Holding up scientific progress and important medical research and preventing inward investment and income for the NHS, while at the same time making poorly judged and incorrect comments about regulated health professionals is not something you would expect from someone holding a position of major responsibility. With power comes responsibility. Decisions which affect the future of medical endeavours should not be made without due consideration to evidence and fabrication and hyperbole are not a basis for sound decision making.
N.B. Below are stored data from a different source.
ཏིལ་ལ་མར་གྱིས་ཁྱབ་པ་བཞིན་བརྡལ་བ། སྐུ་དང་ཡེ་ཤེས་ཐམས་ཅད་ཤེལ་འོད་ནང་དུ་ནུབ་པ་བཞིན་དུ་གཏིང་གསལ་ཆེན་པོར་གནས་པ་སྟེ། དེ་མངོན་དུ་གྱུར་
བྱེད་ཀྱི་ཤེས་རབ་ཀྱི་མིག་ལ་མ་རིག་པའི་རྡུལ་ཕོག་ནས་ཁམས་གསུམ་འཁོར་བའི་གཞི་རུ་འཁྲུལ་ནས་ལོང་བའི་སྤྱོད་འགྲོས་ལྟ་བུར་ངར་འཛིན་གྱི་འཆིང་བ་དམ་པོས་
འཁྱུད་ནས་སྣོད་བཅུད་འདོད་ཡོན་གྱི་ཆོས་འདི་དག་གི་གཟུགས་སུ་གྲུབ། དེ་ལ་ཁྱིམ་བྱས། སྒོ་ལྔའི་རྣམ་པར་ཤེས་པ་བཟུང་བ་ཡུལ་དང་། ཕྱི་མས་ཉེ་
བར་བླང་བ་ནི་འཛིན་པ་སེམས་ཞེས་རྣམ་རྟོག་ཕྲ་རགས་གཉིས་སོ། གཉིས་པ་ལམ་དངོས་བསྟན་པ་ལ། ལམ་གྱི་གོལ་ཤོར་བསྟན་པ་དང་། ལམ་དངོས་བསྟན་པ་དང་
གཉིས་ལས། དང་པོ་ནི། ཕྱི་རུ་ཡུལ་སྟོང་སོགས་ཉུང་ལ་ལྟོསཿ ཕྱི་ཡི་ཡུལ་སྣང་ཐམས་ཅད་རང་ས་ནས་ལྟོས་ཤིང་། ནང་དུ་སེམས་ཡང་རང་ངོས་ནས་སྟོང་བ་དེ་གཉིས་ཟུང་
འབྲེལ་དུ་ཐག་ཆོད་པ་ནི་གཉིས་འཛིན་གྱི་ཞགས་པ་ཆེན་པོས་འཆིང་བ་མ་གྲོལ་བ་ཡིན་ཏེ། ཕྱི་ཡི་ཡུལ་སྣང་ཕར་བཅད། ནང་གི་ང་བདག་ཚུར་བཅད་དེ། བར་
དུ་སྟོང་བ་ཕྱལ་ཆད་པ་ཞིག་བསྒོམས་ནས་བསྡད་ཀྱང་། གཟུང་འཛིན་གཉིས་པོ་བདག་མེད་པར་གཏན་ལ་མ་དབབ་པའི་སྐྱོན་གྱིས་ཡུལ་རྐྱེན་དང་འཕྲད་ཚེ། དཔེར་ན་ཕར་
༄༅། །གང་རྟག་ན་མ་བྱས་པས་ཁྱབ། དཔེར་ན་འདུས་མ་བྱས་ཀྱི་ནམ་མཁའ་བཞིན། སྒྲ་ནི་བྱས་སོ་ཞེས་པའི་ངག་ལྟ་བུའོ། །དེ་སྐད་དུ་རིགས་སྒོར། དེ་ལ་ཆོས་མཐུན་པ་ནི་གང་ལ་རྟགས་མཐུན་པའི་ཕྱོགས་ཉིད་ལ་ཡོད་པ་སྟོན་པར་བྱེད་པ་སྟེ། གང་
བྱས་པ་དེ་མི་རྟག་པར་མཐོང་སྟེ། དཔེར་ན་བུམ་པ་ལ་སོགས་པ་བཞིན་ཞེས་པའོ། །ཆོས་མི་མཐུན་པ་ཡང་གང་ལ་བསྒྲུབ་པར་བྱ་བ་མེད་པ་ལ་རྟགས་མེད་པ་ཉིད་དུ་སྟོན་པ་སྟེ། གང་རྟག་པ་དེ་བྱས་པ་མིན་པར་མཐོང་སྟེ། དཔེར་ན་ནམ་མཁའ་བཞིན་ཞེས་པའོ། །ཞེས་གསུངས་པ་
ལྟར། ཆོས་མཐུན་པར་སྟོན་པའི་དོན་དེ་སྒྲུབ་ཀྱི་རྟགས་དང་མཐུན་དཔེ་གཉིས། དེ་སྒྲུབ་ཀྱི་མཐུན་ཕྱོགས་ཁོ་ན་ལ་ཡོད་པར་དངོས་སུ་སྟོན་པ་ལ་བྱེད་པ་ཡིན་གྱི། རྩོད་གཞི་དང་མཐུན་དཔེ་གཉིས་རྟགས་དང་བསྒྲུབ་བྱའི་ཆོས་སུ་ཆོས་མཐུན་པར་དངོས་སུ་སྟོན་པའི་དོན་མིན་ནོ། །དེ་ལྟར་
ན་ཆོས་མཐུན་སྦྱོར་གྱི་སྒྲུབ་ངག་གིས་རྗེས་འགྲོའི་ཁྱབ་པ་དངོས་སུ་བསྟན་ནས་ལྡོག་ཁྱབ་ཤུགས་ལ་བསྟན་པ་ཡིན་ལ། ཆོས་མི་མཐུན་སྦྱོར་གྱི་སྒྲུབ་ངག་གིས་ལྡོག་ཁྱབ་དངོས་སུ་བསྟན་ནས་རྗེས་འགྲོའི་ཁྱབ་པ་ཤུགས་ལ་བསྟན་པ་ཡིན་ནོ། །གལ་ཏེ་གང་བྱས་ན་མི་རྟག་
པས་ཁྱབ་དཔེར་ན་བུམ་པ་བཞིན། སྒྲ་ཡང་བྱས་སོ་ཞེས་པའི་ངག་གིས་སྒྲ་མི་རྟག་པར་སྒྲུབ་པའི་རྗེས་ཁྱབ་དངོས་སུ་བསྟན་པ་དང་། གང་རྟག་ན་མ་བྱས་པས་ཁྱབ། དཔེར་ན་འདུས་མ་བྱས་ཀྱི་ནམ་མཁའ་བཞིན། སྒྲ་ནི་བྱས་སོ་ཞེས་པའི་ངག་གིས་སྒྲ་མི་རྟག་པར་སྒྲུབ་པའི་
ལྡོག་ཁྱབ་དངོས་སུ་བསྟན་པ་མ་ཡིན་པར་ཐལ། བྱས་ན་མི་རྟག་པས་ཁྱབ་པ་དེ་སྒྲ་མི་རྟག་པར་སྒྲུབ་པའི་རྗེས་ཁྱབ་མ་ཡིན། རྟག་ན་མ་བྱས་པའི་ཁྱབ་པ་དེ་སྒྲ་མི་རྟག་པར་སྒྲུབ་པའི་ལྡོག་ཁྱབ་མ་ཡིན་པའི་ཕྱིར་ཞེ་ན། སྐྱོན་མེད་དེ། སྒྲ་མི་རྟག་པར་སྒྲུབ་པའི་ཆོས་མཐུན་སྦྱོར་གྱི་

What this highlights is the distance between the regulation and enforcement of the Human Tissue Act and those who use their ‘discretion’ to prevent wider engagement for reasons that are in Dr Scott’s case, unclear or unsound. Perhaps the time has come for a debate about how best to control access to those who sincerely wish to study and understand anatomy and human movement, but who are not registered health professionals.
The Human Tissue Act places no restrictions in terms of access, but simply asks that appropriate permissions have been given by donors. The interest in anatomy and the study of the human form is growing. Thousands of practitioners all over the world are taking care of the aches, pains and problems of populations. Without them the UK’s NHS would implode. They should be taught properly and fully and have access to good study material, including dissection classes. Far from being a drain on NHS resources, classes such as we offer, bring income to otherwise under or even unused facilities as well as providing research opportunities to advance the understanding of the human form.
Everyone entering a dissection room should be (and in our case is) carefully vetted and strict guidelines put in place. Institutions and operators can and should collaborate to ensure that respect and diligence is applied when dealing with cadaveric material. But putting up a wall, creating an ‘us and them’ environment does not help.
Dr Scott is of course welcome to comment and engage in discussion at any stage and I would be delighted to debate both his actions and understanding of the wider issues at stake.